## PROBLEM REQUIREMENTS
The expected answer comprises all lines from the entries that contain the string "been".

Extracted data entries
┌──

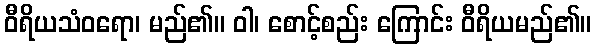
ဝီရိယသံဝရော၊ မည်၏။ ဝါ၊ စောင့်စည်း ကြောင်း ဝီရိယမည်၏။
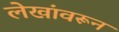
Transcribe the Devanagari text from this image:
लेखांवरून
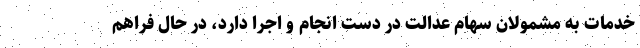
خدمات به مشمولان سهام عدالت در دست انجام و اجرا دارد، در حال فراهم
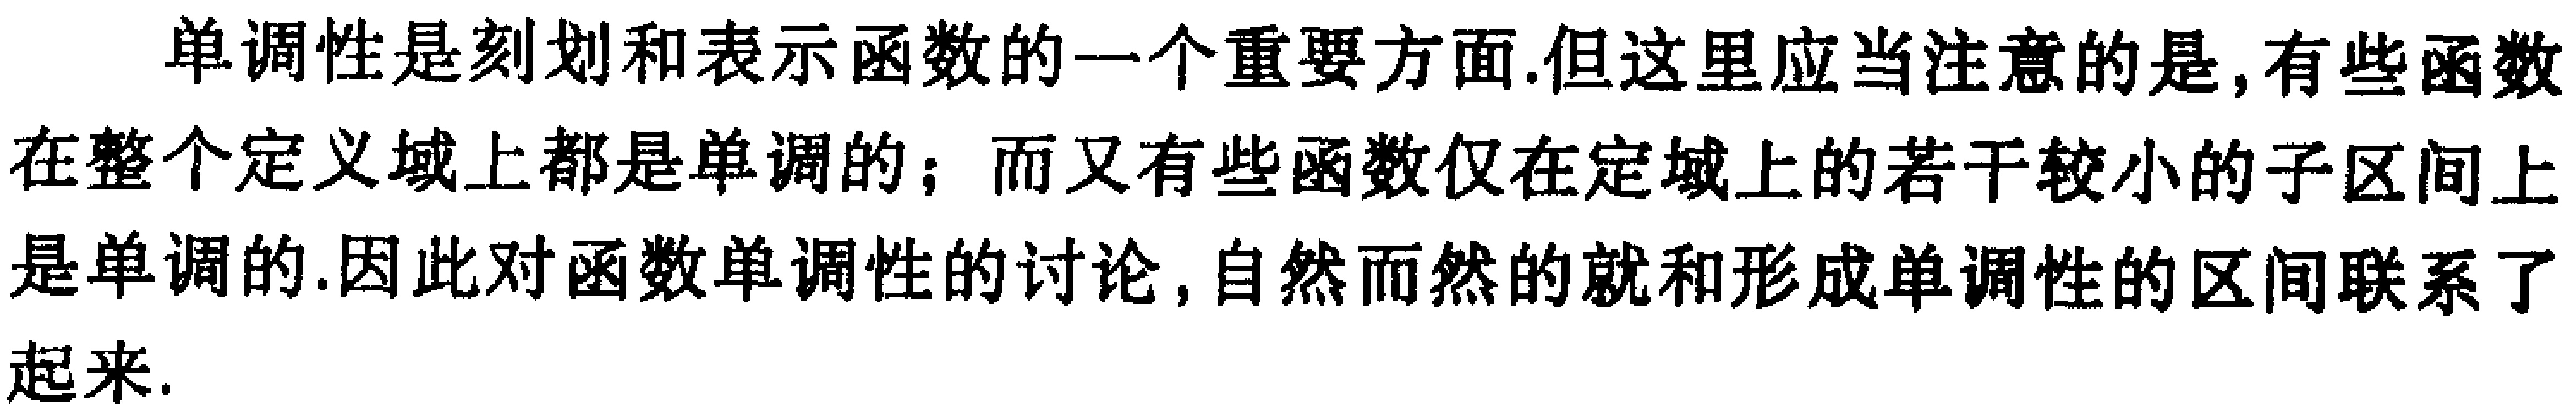
单调性是刻划和表示函数的一个重要方面.但这里应当注意的是,有些函数在整个定义域上都是单调的；而又有些函数仅在定域上的若干较小的子区间上是单调的.因此对函数单调性的讨论,自然而然的就和形成单调性的区间联系了起来.
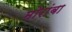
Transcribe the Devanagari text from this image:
मोरांबा
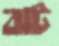
ঝট
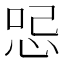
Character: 𠲹
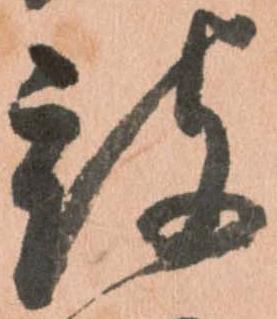
被
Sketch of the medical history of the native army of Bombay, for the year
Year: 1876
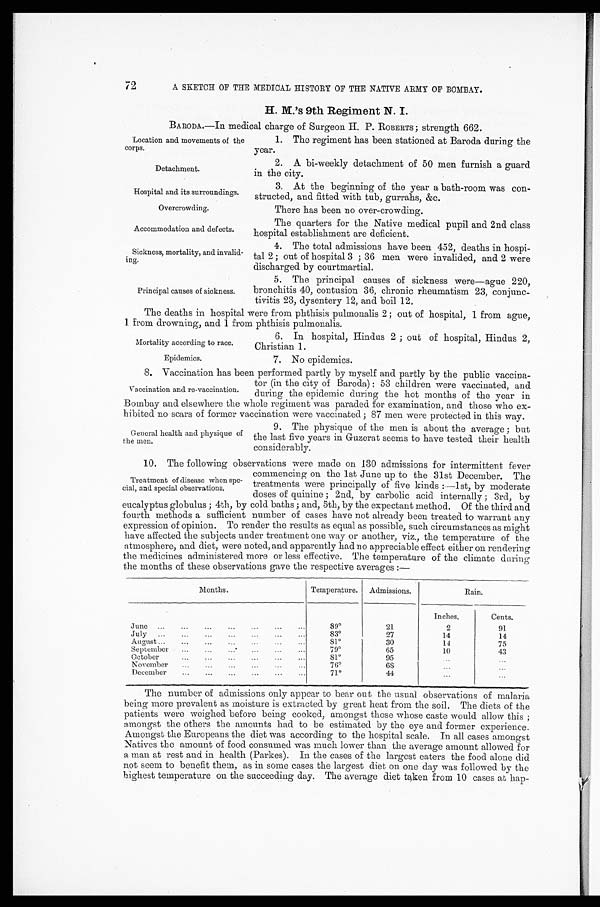
Location and movements of the
corps.
Detachment.
Hospital and its surroundings.
Overcrowding.
Accommodation and defects.
Sickness, mortality, and invalid-
ing.
Principal causes of sickness.
Mortality according to race.
Epidemics.
72
A SKETCH OF THE MEDICAL HISTORY OF THE NATIVE ARMY OF BOMBAY.
H. M.’s 9th Regiment N. I.
BARODA.—In medical charge of Surgeon H. P. ROBERTS ; strength 662.
1. The regiment has been stationed at Baroda during the
year.
2. A bi-weekly detachment of 50 men furnish a guard
in the city.
3. At the beginning of the year a bath-room was con-
structed, and fitted with tub, gurrahs, &c.
There has been no over-crowding.
The quarters for the Native medical pupil and 2nd class
hospital establishment are deficient.
4. The total admissions have been 452, deaths in hospi
-tal 2 ; out of hospital 3 ; 36 men were invalided, and 2 were
discharged by courtmartial.
5. The principal causes of sickness were—ague 220,
bronchitis 40, contusion 36, chronic rheumatism 23, conjunc-
tivitis 23, dysentery 12, and boil 12.
The deaths in hospital were from phthisis pulmonalis 2; out of hospital, 1 from ague,
1 from drowning, and 1 from phthisis pulmonalis.
6. In hospital, Hindus 2 ; out of hospital, Hindus 2,
Christian 1.
7. No epidemics.
8. Vaccination has been performed partly by myself and partly by the public vaccina
-tor (in the city of Baroda) : 53 children were vaccinated, and
during the epidemic during the hot months of the year in
Bombay and elsewhere the whole regiment was paraded for examination, and those who ex
-hibited no scars of former vaccination were vaccinated ; 87 men were protected in this way.
Vaccination and re-vaccination.
General health and physique of
the men.
9. The physique of the men is about the average ; but
the last five years in Guzerat seems to have tested their health
considerably.
10. The following observations were made on 130 admissions for intermittent fever
commencing on the 1st June up to the 31st December. The
treatments were principally of five kinds :—1st, by moderate
doses of quinine ; 2nd, by carbolic acid internally ; 3rd, by
eucalyptus globulus ; 4th, by cold baths ; and, 5th, by the expectant method. Of the third and
fourth methods a sufficient number of cases have not already been treated to warrant any
expression of opinion. To render the results as equal as possible, such circumstances as might
have affected the subjects under treatment one way or another, viz., the temperature of the
atmosphere, and diet, were noted, and apparently had no appreciable effect either on rendering
the medicines administered more or less effective. The temperature of the climate durin g
the months of these observations gave the respective averages :—
Months.
Temperature.
Admissions.
Rain.
Inches.
Cents.
June
...
...
...
...
...
8 9°21
2
91
July
...
...
...
...
...
83°27
14
14
August ... ...
...
...
81°30
14
75
September
...
...
... ...
7 9°65
10
43
October
...
81°95
...
...
November
...
...
...
...
...
7 6°68
. . .
. . .
December ...
...
...
...
71°44
...
. . .
The number of admissions only appear to bear out the usual observations of malaria
being more prevalent as moisture is extracted by great heat from the soil. The diets of the
patients were weighed before being cooked, amongst those whose caste would allow this ;
amongst the others the amounts had to be estimated by the eye and former experience.
Amongst the Europeans the diet was according to the hospital scale. In all cases amongst
Natives the amount of food consumed was much lower than the average amount allowed for
a man at rest and in health (Parkes). In the cases of the largest eaters the food alone did
not seem to benefit them, as in some cases the largest diet on one day was followed by the
highest temperature on the succeeding day. The average diet taken from 10 cases at hap-
Treatment of disease when spe-
cial, and special observations.
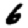
Digit: 6
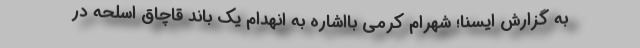
به گزارش ایسنا؛ شهرام کرمی بااشاره به انهدام یک باند قاچاق اسلحه در
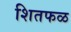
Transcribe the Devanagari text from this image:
शितफळ
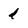
Character: d
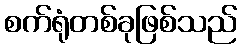
စက်ရုံတစ်ခုဖြစ်သည်
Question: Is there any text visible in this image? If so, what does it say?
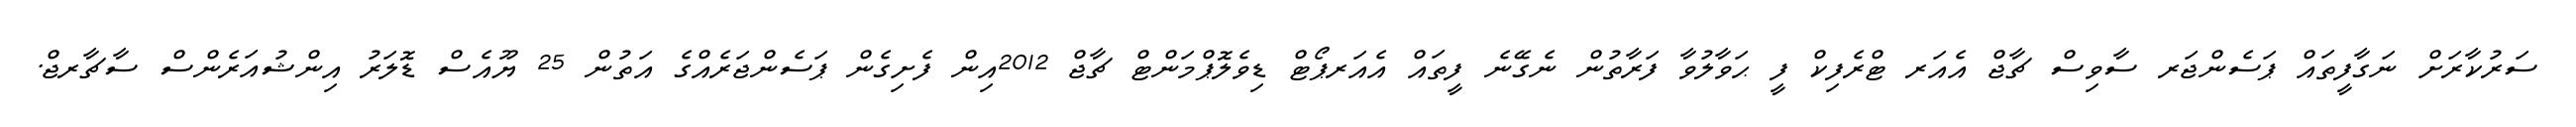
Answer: ސަރުކާރަށް ނަގާފީތައް ޕަސެންޖަރ ސާވިސް ޗާޖް އެއަރ ޓްރެފިކް ފީ ޙަވާލުވާ ފަރާތުން ނެގޭނެ ފީތައް އެއަރޕޯޓް ޑިވެލޮޕްމަންޓް ޗާޖް 2012އިން ފެށިގެން ޕަސެންޖަރެއްގެ އަތުން 25 ޔޫއެސް ޑޮލަރު އިންޝުއަރެންސް ސާޗާރޖް.
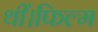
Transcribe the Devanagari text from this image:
थीं।फिल्म
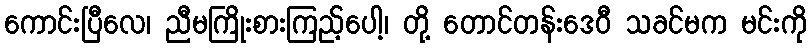
ကောင်းပြီလေ၊ ညီမကြိုးစားကြည့်ပေါ့၊ တို့ တောင်တန်းဒေဝီ သခင်မက မင်းကို
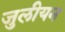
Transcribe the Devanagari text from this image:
जुलीयन
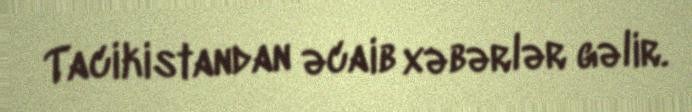
Tacikistandan əcaib xəbərlər gəlir.
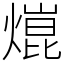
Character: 熴
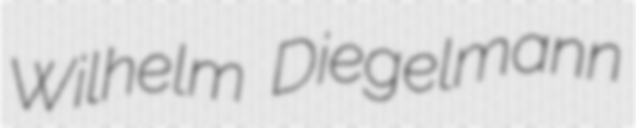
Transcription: Wilhelm Diegelmann
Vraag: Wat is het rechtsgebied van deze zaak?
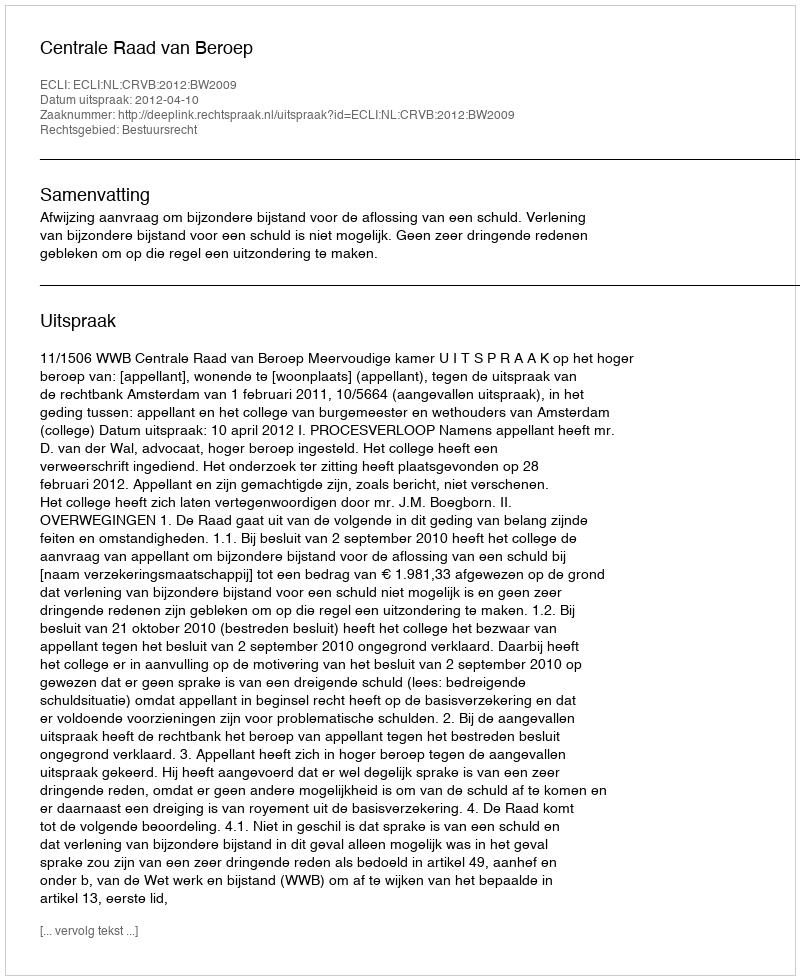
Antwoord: Bestuursrecht

└──

## REPLY TO THE EXERCISE
1. The regiment has been stationed at Baroda during the
There has been no over-crowding.
4. The total admissions have been 452, deaths in hospi
8. Vaccination has been performed partly by myself and partly by the public vaccina
fourth methods a sufficient number of cases have not already been treated to warrant any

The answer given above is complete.